TO DO
What lines of the data below include the word "wide"? Report them by copying each.

[Saved data entries]
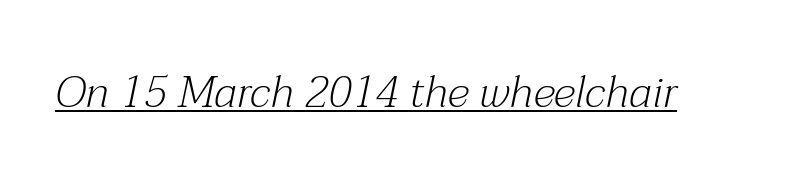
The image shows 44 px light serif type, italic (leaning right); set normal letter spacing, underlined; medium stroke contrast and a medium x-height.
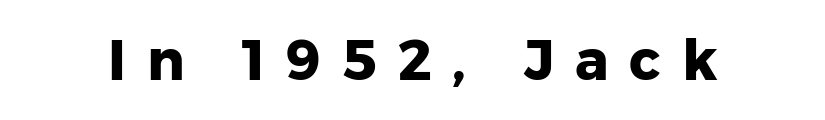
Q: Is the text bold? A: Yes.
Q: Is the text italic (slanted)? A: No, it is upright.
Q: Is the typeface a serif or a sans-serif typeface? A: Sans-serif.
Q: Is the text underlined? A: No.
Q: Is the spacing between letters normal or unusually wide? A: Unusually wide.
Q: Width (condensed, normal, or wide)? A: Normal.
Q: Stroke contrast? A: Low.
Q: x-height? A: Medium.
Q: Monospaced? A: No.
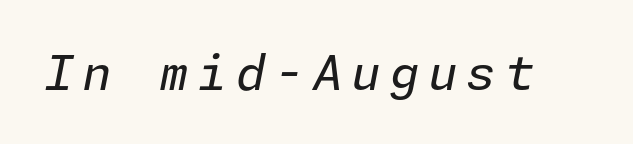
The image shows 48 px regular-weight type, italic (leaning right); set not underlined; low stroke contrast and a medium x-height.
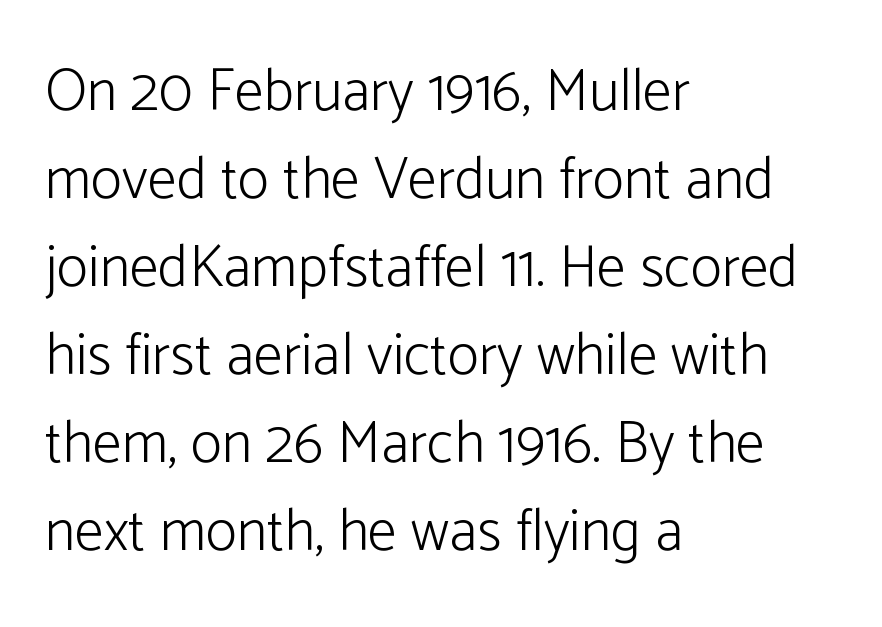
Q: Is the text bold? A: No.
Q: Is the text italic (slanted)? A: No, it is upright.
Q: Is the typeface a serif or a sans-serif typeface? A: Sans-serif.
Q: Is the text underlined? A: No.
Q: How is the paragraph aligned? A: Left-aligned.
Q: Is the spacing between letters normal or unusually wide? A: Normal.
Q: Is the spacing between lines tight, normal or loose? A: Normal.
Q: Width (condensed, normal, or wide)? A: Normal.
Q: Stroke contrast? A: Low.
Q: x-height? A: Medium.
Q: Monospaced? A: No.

RESPONSE BOX
Q: Is the spacing between letters normal or unusually wide? A: Unusually wide.
Q: Width (condensed, normal, or wide)? A: Normal.
Q: Is the spacing between letters normal or unusually wide? A: Normal.
Q: Width (condensed, normal, or wide)? A: Normal.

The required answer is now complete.